Copyright © 2014 by Stephen S. Bilynskyj

Genesis 3:8-13
“Blame”
March 23, 2014 - Third Sunday in Lent

         “Who started it?” That’s the questions historians still debate as we approach the hundredth anniversary of the first shots of World War I on July 28th of this year. Every high school student (who was not too busy texting his friends that week in world history class) knows the cause of that war was the assassination of Archduke Ferdinand of Austria-Hungary by a Serbian nationalist earlier that June. Austria-Hungary then invaded Serbia in retaliation, with Germany’s support and encouragement.

         So you could either fix the blame on expansionist fervor in Serbia or on overreaction in Austria-Hungary. Or you could pin it on Germany and Kaiser Wilhelm for being too ready to encourage a war they already wanted. On another hand, especially looking at what Russia is up to right now, you might want to blame Russia’s long ties with Serbia. The Russians didn’t want to let the Austrians and Germans damage their stake in the Balkans.

         Which all gives us another suspect: France. The French were cultivating an alliance with Russia, loaning them huge amounts of money, hoping to help them mobilize against Germany. Both France and Russia told Serbia not to cooperate with an Austrian investigation into the assassination of Ferdinand, thus exacerbating that crisis and helping provoke the war.

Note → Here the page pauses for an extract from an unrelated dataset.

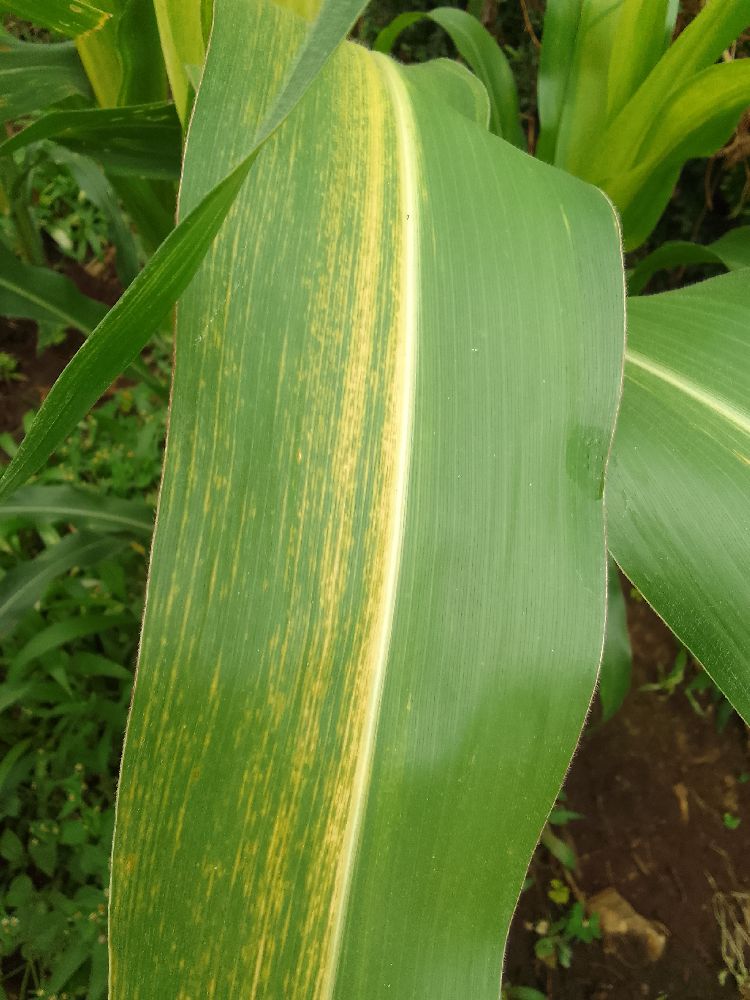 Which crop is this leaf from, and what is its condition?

maize, maize lethal necrosis

         In Germany today, however, only 19 percent of Germans now believe their nation was to blame for the first world war. From their point of view, Great Britain is at least one of the guilty parties. The British were too fearful of Germany and were looking for an excuse to go to war.

         So it goes. We spend so much time trying to figure out whom to blame when evil happens, just like the first two human beings. Last week we heard how the first human experience of shame followed Adam and Eve’s sin of disbelief and disobedience. And we saw that shame at the beginning of our text today, with them hiding from God, afraid and embarrassed because they were naked. But then in verses 12 and 13 we see the beginnings of a sport which is older than any on earth, the “blame game.”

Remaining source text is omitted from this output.